Bom Senso FC se cala em relação ao comportamento dos jogadores
As propostas do grupo não apontam para questões como violência e indisciplina de atletas
Futebol|Eugenio Goussinsky, do R7

As reivindicações do Bom Senso FC chamaram a atenção da comunidade esportiva em um momento em que o Brasil discute a crise do futebol no País. Alguns especialistas em relacionamento humano, porém, apontam que o grupo dá atenção apenas à parte de organização e ao lado financeiro do esporte.
E não menciona, inclusive em seu livreto, o problema do comportamento inadequado de grande percentual dos jogadores.
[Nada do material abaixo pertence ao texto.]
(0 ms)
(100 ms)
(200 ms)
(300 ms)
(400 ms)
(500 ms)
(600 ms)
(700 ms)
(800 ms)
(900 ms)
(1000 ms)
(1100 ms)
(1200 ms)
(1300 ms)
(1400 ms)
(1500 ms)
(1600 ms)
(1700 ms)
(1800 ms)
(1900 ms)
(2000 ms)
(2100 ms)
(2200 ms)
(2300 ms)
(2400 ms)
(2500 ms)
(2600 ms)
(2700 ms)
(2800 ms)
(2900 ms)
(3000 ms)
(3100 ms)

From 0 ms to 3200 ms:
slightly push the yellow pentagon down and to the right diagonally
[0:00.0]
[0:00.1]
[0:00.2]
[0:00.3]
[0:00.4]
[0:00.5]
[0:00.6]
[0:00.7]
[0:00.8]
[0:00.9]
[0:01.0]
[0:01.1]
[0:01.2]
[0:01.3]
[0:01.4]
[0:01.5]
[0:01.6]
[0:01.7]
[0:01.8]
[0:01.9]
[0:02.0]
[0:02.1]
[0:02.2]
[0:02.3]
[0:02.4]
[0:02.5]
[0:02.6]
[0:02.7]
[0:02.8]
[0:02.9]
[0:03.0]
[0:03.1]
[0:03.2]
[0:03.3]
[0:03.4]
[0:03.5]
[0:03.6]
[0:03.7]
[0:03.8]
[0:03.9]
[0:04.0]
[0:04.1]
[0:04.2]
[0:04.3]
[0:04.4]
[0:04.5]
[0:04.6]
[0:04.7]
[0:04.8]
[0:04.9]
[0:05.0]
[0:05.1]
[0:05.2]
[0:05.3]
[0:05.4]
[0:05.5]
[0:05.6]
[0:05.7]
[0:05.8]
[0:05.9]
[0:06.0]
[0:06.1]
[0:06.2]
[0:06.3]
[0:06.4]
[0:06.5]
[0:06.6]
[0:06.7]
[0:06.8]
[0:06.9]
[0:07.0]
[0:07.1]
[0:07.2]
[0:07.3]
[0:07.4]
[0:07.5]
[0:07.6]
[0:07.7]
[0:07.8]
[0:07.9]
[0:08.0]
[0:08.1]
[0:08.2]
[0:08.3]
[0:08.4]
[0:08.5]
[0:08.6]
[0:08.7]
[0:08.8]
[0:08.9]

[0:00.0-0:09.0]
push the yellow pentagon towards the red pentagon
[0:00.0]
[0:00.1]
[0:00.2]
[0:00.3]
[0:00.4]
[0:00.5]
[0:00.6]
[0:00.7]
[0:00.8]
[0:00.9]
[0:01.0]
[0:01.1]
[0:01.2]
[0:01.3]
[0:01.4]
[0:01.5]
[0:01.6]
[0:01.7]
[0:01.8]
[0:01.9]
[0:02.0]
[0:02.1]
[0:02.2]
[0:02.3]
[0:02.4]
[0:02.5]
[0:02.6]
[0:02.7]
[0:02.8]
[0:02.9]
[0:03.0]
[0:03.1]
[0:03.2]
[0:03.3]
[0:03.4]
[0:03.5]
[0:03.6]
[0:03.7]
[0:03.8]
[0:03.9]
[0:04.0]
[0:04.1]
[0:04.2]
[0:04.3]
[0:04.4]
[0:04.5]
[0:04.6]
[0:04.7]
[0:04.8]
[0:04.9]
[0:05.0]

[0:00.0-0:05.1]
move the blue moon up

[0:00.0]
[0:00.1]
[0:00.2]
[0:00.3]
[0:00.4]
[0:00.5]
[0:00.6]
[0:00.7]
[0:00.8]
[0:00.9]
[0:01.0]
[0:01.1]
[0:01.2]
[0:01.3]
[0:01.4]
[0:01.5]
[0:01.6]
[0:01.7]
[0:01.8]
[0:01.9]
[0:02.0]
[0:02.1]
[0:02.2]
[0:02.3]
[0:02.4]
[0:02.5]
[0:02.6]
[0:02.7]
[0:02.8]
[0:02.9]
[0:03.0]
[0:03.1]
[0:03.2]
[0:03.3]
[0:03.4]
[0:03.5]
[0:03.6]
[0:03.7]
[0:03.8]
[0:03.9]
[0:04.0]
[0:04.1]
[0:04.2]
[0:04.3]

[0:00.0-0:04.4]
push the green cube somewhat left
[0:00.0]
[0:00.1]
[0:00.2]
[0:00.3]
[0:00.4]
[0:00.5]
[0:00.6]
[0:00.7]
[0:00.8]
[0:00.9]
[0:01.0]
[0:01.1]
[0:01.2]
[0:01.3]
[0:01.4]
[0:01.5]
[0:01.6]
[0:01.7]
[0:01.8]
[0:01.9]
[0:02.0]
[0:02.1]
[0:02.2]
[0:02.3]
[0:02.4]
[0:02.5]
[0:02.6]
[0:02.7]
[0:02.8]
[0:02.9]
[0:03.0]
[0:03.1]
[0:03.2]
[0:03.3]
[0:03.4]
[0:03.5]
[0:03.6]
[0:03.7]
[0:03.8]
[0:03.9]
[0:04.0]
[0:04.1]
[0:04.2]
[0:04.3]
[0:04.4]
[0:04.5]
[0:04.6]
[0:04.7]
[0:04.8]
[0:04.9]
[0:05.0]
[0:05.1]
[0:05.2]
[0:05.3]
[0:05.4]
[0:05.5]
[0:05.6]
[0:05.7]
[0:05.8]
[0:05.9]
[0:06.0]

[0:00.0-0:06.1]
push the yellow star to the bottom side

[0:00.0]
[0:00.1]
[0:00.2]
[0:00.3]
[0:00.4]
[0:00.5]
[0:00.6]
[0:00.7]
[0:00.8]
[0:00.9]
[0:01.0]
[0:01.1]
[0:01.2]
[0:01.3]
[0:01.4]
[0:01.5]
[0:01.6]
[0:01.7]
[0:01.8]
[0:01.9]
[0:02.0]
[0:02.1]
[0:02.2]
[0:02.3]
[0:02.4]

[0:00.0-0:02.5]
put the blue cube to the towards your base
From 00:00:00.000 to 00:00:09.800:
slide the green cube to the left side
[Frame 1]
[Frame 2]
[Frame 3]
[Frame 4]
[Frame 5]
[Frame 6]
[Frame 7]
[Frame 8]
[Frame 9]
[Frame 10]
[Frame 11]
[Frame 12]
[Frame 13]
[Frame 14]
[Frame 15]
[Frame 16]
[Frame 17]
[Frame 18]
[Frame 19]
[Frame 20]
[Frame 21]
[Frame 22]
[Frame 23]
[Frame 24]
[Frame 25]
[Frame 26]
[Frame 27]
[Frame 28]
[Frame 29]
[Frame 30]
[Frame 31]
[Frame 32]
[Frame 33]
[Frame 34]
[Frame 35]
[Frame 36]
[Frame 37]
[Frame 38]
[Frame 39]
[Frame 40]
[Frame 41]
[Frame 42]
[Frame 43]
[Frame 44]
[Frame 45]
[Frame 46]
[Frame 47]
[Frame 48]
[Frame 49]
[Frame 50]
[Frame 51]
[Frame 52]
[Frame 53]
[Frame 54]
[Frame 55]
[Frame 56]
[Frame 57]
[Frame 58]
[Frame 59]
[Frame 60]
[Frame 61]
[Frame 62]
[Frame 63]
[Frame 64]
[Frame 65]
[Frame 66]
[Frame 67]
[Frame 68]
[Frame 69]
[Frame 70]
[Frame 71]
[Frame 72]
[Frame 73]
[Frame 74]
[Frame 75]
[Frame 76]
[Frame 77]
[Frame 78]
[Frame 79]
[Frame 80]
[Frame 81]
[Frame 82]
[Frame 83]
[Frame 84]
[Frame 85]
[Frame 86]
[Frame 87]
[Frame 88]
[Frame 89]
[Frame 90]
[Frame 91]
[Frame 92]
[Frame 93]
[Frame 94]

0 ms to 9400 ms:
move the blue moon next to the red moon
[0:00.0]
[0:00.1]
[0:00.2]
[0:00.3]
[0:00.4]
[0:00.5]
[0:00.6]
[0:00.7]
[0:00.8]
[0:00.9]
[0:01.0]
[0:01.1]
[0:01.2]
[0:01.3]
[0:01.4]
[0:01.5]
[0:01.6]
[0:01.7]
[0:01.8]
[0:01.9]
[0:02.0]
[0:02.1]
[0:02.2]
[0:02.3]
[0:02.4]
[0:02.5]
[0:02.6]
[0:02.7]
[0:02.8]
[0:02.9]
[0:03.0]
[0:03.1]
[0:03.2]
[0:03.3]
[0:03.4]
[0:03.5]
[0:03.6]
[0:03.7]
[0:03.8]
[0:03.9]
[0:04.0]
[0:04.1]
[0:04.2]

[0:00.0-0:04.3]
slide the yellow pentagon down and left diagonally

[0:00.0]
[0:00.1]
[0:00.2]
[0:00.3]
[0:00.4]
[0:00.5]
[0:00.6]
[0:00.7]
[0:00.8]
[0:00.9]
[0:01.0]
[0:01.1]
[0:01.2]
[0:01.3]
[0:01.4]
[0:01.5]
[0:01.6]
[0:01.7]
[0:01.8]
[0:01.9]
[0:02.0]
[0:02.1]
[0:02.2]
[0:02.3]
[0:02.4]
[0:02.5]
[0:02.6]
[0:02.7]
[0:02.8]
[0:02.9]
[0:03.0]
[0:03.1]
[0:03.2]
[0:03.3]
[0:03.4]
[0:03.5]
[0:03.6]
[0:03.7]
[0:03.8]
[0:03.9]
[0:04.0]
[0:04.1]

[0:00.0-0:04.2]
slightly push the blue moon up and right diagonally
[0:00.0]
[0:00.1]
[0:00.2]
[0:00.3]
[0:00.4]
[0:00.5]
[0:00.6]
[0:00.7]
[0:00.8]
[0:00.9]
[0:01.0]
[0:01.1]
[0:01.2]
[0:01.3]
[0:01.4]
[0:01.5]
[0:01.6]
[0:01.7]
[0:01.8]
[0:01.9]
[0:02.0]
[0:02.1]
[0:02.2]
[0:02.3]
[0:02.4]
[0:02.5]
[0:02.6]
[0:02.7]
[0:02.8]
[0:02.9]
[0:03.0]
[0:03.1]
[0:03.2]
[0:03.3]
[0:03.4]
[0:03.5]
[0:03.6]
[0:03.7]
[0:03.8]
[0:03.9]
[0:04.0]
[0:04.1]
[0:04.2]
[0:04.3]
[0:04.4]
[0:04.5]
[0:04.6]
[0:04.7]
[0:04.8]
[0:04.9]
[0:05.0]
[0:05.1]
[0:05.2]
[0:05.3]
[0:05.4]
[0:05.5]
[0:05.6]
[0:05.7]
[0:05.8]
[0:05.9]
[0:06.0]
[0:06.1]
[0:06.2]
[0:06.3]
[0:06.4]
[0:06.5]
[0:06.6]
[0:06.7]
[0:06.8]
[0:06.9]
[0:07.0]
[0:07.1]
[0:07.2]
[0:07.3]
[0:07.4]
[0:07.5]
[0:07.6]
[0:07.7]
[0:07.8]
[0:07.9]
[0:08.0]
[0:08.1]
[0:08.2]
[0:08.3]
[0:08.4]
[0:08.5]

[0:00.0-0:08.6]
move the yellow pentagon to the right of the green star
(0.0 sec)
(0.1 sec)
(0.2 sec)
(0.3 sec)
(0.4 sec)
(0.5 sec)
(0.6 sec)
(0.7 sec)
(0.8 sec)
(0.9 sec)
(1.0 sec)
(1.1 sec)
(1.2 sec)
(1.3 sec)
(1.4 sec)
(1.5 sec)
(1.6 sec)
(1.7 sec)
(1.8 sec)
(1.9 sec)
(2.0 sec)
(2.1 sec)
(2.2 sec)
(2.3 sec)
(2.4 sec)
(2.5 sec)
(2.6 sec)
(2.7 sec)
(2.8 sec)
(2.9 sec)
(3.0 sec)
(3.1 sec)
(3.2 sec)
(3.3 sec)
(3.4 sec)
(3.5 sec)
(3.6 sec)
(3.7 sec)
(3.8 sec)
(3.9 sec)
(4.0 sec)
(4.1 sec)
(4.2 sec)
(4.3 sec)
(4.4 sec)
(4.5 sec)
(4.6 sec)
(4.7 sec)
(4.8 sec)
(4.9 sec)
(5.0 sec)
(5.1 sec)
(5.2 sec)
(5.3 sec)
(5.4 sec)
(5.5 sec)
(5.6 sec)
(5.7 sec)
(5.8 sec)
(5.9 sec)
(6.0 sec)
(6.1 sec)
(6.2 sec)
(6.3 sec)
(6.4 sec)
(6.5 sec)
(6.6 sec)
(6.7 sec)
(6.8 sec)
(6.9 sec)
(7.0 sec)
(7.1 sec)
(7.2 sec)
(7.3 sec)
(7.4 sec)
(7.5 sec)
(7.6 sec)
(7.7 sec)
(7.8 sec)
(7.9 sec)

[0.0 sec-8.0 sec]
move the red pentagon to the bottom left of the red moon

Essa postura de atletas em campo, que se distancia dos reais objetivos do Esporte, vem assolando o futebol brasileiro, principalmente nos últimos anos. O psicólogo do Esporte, João Ricardo Cozac, presidente da Associação Paulista da Psicologia do Esporte e do Exercício Físico, coloca tal questão como prioritária.
— O Bom Senso deveria também priorizar e lutar por uma conduta mais equilibrada de atletas e de outros profissionais do futebol, como técnicos, fazendo com que prevaleça o respeito ao adversário e ao público e não o que temos visto muito por aí afora no futebol brasileiro.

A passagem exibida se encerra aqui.